In principle, iron oxidation can fuel significant primary productivity and nutrient cycling in dark environments such as the deep sea. However, we have an extremely limited understanding of the ecology of iron-based ecosystems, and thus the linkages between iron oxidation, carbon cycling, and nitrate reduction. Here we investigate iron microbial mats from hydrothermal vents at Lōʻihi Seamount, Hawaiʻi, using genome-resolved metagenomics and metatranscriptomics to reconstruct potential microbial roles and interactions. Our results show that the aerobic iron-oxidizing Zetaproteobacteria are the primary producers, concentrated at the oxic mat surface. Their fixed carbon supports heterotrophs deeper in the mat, notably the second most abundant organism, Candidatus Ferristratum sp. (uncultivated gen. nov.) from the uncharacterized DTB120 phylum. Candidatus Ferristratum sp., described using nine high-quality metagenome-assembled genomes with similar distributions of genes, expressed nitrate reduction genes narGH and the iron oxidation gene cyc2 in situ and in response to Fe(II) in a shipboard incubation, suggesting it is an anaerobic nitrate-reducing iron oxidizer. Candidatus Ferristratum sp. lacks a full denitrification pathway, relying on Zetaproteobacteria to remove intermediates like nitrite. Thus, at Lōʻihi, anaerobic iron oxidizers coexist with and are dependent on aerobic iron oxidizers. In total, our work shows how key community members work together to connect iron oxidation with carbon and nitrogen cycling, thus driving the biogeochemistry of exported fluids.

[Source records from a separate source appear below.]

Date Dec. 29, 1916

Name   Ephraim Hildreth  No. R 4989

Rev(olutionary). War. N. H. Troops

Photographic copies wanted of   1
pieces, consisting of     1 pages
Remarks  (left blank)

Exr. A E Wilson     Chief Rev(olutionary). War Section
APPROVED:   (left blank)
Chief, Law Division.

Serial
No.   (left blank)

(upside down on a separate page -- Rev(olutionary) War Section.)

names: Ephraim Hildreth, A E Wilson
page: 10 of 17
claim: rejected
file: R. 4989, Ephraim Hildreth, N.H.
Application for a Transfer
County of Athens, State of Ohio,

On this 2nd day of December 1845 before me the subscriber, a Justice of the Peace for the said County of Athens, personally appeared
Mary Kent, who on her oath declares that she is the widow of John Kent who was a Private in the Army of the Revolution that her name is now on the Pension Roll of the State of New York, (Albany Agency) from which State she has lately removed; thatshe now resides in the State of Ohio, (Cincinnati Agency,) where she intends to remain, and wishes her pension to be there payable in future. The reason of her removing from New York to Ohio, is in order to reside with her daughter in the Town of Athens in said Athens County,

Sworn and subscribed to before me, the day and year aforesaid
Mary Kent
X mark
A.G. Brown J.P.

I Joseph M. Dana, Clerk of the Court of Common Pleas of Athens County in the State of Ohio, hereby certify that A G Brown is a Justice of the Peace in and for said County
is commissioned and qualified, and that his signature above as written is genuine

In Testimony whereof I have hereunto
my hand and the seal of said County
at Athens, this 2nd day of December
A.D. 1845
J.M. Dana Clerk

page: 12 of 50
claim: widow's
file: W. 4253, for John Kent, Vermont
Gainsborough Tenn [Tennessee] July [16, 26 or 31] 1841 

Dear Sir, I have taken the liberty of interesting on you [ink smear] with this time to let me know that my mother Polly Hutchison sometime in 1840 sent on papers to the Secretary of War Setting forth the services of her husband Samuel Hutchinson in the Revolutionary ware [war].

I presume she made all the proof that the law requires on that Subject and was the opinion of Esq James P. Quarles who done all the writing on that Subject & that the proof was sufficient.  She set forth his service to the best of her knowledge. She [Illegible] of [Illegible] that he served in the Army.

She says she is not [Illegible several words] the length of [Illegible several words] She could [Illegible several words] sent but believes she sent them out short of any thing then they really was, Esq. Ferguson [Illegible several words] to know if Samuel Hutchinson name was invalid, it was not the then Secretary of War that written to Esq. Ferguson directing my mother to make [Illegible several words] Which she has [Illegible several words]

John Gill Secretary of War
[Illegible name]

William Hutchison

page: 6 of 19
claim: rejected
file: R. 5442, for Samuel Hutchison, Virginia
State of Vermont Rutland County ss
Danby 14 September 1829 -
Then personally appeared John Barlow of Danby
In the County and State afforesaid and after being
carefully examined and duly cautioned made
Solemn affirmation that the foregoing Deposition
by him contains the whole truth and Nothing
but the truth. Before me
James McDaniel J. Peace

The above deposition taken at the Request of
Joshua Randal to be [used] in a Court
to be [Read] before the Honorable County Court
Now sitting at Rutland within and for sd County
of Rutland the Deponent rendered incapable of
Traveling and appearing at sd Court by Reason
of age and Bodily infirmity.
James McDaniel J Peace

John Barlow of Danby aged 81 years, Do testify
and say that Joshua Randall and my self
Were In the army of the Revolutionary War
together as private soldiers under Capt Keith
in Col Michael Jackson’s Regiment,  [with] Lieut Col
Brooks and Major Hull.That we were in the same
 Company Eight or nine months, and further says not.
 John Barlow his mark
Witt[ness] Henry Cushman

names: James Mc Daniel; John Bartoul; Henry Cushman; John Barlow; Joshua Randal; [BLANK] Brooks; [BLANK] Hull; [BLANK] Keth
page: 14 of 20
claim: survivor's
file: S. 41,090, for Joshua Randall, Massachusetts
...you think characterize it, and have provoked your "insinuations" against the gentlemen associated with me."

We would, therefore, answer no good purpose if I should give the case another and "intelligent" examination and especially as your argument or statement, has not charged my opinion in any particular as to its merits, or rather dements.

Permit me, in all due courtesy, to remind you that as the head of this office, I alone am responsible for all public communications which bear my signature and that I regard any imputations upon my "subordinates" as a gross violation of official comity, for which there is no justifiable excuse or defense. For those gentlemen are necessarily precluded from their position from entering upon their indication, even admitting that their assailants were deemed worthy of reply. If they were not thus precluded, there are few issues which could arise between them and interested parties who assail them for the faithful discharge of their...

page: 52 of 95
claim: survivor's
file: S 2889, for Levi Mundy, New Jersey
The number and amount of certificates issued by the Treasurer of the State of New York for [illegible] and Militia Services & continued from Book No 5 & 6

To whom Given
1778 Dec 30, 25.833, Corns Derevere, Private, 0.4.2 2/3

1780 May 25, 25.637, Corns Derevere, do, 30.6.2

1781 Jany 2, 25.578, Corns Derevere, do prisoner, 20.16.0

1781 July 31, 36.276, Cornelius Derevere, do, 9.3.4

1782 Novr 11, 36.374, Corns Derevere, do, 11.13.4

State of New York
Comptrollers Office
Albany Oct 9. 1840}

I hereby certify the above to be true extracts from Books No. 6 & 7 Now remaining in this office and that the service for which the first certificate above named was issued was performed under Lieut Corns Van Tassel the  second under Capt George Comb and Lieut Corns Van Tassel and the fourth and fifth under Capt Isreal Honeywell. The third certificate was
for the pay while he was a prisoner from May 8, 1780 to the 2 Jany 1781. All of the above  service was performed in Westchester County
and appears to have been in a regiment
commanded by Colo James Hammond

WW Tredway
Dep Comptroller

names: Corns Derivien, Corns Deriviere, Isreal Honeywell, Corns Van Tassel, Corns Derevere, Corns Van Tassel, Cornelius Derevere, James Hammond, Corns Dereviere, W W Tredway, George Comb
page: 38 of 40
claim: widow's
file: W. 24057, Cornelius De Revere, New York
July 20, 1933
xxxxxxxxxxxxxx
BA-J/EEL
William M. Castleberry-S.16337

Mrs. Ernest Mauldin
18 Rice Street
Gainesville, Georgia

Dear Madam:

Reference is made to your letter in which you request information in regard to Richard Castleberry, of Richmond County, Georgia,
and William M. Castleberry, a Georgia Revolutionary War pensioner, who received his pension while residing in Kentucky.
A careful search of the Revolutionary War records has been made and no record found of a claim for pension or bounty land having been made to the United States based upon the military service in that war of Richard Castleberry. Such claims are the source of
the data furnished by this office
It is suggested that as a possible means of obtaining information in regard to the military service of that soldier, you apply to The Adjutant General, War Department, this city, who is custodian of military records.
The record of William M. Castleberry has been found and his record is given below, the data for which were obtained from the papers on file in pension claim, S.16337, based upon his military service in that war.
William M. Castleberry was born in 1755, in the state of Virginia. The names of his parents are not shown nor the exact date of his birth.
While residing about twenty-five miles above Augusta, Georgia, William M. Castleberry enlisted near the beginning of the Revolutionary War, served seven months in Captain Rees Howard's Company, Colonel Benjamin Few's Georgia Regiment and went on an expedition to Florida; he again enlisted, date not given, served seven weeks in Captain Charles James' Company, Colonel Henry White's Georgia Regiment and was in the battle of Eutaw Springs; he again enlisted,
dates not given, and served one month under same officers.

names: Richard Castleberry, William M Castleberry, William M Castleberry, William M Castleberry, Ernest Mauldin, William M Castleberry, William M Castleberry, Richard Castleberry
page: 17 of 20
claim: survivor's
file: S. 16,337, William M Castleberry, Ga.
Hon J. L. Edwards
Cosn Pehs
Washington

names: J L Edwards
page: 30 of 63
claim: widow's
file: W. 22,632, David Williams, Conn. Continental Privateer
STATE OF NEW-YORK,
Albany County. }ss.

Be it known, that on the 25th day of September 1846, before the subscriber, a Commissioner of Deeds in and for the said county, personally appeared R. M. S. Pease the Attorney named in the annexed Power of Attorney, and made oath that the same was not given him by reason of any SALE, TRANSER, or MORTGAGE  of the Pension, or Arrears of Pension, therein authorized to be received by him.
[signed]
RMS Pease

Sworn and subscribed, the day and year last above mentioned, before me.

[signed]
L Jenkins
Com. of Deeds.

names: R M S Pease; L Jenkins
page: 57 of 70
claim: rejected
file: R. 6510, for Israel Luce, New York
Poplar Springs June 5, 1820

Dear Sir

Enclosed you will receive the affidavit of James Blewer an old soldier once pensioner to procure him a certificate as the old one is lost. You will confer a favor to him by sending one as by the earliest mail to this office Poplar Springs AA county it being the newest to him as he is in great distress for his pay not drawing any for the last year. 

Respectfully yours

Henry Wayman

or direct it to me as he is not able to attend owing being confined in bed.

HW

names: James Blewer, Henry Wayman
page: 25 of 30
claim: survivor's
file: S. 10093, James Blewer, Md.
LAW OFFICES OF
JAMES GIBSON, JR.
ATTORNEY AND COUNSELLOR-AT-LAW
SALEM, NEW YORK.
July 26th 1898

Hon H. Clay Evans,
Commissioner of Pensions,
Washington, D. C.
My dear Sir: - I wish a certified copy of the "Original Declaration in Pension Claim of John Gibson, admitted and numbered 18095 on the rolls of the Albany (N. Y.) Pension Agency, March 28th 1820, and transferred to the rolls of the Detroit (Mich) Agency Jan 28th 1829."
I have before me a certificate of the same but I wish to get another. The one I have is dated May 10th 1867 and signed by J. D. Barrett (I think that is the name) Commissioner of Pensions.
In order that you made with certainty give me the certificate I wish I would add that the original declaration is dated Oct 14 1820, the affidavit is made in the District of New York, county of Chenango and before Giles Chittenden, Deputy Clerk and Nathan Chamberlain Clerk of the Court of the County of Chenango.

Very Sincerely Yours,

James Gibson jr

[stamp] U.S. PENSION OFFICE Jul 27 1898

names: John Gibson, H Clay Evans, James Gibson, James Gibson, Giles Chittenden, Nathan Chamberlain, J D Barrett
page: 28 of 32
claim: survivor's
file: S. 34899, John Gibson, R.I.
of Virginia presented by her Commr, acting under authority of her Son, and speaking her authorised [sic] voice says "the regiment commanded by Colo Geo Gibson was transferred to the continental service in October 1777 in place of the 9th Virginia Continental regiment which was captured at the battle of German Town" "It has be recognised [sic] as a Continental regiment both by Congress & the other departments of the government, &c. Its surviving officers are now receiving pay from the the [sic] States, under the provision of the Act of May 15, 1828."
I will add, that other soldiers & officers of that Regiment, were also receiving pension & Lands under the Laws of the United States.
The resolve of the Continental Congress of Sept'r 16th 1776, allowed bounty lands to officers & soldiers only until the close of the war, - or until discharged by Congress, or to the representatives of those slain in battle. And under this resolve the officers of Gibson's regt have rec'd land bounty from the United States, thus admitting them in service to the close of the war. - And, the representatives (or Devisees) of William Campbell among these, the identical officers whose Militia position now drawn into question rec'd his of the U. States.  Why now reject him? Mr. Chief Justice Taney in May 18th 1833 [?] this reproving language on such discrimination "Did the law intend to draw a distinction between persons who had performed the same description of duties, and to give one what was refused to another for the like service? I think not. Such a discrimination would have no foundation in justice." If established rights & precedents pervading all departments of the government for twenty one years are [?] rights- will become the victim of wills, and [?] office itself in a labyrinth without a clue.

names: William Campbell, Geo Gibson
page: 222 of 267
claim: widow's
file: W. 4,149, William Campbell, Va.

原则上，铁氧化可以在深海等黑暗环境中促进显着的初级生产力和养分循环。然而，我们对铁基生态系统的生态学以及铁氧化、碳循环和硝酸盐还原之间的联系知之甚少。在这里，我们使用基因组解析的宏基因组学和宏转录组学来重建潜在的微生物作用和相互作用，研究来自夏威夷洛伊希海山热液喷口的铁微生物垫。我们的研究结果表明，好氧铁氧化 Zetaproteobacteria 是主要生产者，集中在氧化垫表面。它们的固定碳支持垫子深处的异养生物，特别是第二丰富的生物，Candidatus Ferristratumsp。（uncultivated gen. nov.）来自未鉴定的 DTB120 门。Candidatus Ferristratum sp.，使用九个具有相似基因分布的高质量宏基因组组装基因组进行描述，在船上孵化中原位表达硝酸盐还原基因narGH和铁氧化基因cyc2并响应 Fe(II)，表明它是厌氧硝酸盐还原铁氧化剂。铁线莲sp。缺乏完整的反硝化途径，依靠 Zetaproteobacteria 去除亚硝酸盐等中间体。因此，在 Lōʻihi，厌氧铁氧化剂与需氧铁氧化剂共存并依赖于好氧铁氧化剂。总的来说，我们的工作展示了关键社区成员如何共同努力将铁氧化与碳和氮循环联系起来，从而推动输出流体的生物地球化学。